#### Exercise goal:
Each line in the records below, from the one that contains "gpt: The quarry" to the one that contains "key: ORDER_DELIVERY_DATE2", should be reproduced exactly, the first and last included.

(Records from a data collection)
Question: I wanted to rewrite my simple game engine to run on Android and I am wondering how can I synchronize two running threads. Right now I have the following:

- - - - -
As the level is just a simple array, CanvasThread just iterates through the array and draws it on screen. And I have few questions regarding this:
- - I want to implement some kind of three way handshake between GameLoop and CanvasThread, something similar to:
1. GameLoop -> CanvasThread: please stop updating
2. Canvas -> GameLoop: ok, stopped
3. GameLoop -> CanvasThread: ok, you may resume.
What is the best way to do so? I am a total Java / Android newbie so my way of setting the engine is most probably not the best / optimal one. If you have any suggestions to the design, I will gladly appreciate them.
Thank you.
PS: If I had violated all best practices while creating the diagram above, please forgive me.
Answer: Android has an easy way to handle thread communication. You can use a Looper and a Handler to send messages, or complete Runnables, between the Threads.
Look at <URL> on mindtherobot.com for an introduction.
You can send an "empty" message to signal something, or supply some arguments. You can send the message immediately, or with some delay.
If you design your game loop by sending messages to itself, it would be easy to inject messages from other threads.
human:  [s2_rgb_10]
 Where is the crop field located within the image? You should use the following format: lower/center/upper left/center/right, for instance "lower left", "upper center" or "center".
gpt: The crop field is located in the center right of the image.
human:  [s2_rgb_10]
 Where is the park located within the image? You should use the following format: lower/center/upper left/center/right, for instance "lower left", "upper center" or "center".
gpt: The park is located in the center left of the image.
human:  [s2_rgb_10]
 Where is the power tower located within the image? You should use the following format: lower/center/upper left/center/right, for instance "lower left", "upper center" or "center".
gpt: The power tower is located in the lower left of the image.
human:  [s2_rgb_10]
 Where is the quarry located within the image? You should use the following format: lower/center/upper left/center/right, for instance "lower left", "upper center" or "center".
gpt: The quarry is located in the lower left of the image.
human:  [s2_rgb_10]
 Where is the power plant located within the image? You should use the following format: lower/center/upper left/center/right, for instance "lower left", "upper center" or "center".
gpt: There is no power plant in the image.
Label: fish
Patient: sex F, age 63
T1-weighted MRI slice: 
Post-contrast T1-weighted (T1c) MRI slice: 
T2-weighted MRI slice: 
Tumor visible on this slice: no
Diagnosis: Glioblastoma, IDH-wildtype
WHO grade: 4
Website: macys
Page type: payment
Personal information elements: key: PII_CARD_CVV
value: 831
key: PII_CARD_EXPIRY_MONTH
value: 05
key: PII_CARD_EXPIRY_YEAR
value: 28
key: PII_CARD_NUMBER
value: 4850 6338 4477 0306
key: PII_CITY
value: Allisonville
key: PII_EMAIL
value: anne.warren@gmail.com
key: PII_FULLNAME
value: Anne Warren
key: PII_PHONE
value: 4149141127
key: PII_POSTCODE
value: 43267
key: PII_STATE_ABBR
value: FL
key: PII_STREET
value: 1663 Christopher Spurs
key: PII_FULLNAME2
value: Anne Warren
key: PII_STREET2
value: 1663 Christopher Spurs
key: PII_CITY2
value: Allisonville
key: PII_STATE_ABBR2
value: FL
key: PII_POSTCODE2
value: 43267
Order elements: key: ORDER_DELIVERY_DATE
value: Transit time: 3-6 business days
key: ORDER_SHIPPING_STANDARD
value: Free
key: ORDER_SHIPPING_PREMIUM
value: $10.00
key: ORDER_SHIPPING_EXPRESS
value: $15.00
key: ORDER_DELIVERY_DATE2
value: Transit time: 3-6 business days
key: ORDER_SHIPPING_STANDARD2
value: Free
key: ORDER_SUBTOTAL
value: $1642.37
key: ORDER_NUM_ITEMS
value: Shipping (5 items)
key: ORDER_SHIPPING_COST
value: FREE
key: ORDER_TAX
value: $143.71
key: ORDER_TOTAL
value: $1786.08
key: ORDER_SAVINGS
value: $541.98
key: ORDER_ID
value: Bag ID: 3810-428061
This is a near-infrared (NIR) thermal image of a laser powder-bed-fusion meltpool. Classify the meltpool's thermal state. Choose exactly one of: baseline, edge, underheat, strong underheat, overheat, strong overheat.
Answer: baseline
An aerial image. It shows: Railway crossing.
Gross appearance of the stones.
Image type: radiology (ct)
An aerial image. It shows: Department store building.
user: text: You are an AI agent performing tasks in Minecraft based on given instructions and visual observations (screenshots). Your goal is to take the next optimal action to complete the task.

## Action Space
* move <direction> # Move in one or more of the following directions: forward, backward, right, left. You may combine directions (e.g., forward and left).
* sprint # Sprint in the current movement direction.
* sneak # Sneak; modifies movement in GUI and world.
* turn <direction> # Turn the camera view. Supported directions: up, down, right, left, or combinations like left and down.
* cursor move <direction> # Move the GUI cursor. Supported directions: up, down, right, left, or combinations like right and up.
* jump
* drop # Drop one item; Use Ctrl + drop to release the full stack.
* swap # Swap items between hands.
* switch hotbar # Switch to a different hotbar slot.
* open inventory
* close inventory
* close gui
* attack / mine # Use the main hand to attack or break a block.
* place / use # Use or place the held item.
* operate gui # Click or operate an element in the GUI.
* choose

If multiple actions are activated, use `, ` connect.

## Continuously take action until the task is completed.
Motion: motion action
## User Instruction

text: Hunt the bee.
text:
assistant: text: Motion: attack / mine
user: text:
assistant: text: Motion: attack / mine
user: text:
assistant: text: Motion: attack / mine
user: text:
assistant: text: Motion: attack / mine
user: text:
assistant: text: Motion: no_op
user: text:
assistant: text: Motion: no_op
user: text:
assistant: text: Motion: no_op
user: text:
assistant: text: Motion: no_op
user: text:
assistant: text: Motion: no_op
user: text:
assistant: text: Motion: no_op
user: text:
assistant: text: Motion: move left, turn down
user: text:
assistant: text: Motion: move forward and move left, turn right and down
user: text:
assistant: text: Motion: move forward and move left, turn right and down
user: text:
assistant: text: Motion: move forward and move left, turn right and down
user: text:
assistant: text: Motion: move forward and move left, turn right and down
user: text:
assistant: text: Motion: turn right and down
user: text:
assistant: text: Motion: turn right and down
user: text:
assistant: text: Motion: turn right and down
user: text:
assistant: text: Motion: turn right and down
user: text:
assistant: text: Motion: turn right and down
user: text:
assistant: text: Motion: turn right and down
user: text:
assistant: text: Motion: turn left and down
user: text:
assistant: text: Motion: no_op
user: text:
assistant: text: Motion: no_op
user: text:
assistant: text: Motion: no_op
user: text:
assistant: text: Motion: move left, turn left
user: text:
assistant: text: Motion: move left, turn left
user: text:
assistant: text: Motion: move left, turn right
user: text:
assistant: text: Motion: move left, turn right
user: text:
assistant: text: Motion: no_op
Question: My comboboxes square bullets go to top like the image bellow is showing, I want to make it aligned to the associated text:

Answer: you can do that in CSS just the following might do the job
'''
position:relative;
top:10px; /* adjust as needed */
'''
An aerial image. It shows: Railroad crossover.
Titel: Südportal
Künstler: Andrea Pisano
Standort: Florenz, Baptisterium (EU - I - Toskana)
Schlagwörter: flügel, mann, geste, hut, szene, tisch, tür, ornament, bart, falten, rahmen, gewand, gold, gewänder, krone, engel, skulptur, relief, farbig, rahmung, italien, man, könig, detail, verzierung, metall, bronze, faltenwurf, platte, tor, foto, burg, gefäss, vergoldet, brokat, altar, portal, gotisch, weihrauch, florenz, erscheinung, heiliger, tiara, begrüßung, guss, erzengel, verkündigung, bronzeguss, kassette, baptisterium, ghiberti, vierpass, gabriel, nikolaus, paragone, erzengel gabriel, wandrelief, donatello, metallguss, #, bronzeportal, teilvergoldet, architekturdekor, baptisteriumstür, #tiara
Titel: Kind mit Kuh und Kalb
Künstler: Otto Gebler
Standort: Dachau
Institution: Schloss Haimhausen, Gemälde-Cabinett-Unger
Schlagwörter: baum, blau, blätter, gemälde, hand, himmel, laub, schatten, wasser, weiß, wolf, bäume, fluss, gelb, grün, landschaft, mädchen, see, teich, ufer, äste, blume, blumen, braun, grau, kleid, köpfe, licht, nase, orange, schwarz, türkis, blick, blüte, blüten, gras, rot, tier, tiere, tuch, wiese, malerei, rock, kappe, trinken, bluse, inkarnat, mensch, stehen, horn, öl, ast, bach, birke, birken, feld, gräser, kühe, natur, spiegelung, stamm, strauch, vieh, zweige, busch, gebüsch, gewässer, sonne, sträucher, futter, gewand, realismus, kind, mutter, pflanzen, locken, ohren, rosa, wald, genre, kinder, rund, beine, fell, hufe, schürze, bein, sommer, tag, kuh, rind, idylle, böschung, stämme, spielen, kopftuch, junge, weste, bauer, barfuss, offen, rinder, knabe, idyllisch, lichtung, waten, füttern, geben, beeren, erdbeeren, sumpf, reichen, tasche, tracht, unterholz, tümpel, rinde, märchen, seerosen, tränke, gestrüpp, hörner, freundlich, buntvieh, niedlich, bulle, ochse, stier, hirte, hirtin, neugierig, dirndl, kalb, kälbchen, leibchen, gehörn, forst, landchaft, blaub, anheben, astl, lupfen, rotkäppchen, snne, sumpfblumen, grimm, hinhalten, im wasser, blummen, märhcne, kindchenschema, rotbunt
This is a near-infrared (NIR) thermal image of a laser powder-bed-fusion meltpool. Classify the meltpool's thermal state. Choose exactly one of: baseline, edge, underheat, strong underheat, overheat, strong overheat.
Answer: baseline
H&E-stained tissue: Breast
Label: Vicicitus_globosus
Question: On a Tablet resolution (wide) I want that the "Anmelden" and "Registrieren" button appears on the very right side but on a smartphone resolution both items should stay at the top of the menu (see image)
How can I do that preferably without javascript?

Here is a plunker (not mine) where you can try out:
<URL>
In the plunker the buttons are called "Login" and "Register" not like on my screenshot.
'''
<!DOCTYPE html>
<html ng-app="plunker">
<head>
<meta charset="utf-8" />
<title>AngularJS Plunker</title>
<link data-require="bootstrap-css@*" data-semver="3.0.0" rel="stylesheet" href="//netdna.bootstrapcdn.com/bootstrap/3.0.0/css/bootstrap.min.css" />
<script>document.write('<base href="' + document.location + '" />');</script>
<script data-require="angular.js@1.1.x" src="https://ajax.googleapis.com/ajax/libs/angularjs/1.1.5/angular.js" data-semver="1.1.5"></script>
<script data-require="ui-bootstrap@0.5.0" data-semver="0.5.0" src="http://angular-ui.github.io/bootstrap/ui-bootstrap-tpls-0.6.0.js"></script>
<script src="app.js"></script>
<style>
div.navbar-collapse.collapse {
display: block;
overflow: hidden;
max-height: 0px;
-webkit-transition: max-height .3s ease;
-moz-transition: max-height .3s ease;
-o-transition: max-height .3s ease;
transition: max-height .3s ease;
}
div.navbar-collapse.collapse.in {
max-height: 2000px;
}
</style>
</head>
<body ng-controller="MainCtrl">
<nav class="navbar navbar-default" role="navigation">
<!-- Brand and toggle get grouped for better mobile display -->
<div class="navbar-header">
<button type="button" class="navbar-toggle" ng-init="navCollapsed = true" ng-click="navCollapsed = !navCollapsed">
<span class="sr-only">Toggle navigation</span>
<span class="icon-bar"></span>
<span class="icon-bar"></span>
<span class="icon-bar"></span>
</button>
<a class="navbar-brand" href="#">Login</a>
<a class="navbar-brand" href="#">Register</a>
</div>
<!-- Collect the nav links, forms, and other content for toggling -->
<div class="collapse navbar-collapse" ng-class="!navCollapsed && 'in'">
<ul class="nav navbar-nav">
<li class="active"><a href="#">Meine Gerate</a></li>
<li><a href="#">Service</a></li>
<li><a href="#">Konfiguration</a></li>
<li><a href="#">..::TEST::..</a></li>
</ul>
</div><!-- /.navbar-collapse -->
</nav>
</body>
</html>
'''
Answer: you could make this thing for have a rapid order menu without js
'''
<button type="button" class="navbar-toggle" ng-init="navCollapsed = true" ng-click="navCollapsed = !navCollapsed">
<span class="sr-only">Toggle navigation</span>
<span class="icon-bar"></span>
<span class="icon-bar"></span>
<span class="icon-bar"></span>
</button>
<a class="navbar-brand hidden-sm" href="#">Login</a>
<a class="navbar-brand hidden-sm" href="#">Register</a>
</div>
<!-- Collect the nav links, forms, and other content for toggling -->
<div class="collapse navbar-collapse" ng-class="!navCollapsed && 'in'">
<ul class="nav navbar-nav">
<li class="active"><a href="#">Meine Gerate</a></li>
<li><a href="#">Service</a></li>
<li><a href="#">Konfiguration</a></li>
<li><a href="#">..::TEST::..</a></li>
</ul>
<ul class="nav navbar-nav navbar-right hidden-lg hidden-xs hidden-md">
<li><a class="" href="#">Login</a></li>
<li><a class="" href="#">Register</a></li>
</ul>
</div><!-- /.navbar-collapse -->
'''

#### Reply:
gpt: The quarry is located in the lower left of the image.
human:  [s2_rgb_10]
 Where is the power plant located within the image? You should use the following format: lower/center/upper left/center/right, for instance "lower left", "upper center" or "center".
gpt: There is no power plant in the image.
Label: fish
Patient: sex F, age 63
T1-weighted MRI slice: 
Post-contrast T1-weighted (T1c) MRI slice: 
T2-weighted MRI slice: 
Tumor visible on this slice: no
Diagnosis: Glioblastoma, IDH-wildtype
WHO grade: 4
Website: macys
Page type: payment
Personal information elements: key: PII_CARD_CVV
value: 831
key: PII_CARD_EXPIRY_MONTH
value: 05
key: PII_CARD_EXPIRY_YEAR
value: 28
key: PII_CARD_NUMBER
value: 4850 6338 4477 0306
key: PII_CITY
value: Allisonville
key: PII_EMAIL
value: anne.warren@gmail.com
key: PII_FULLNAME
value: Anne Warren
key: PII_PHONE
value: 4149141127
key: PII_POSTCODE
value: 43267
key: PII_STATE_ABBR
value: FL
key: PII_STREET
value: 1663 Christopher Spurs
key: PII_FULLNAME2
value: Anne Warren
key: PII_STREET2
value: 1663 Christopher Spurs
key: PII_CITY2
value: Allisonville
key: PII_STATE_ABBR2
value: FL
key: PII_POSTCODE2
value: 43267
Order elements: key: ORDER_DELIVERY_DATE
value: Transit time: 3-6 business days
key: ORDER_SHIPPING_STANDARD
value: Free
key: ORDER_SHIPPING_PREMIUM
value: $10.00
key: ORDER_SHIPPING_EXPRESS
value: $15.00
key: ORDER_DELIVERY_DATE2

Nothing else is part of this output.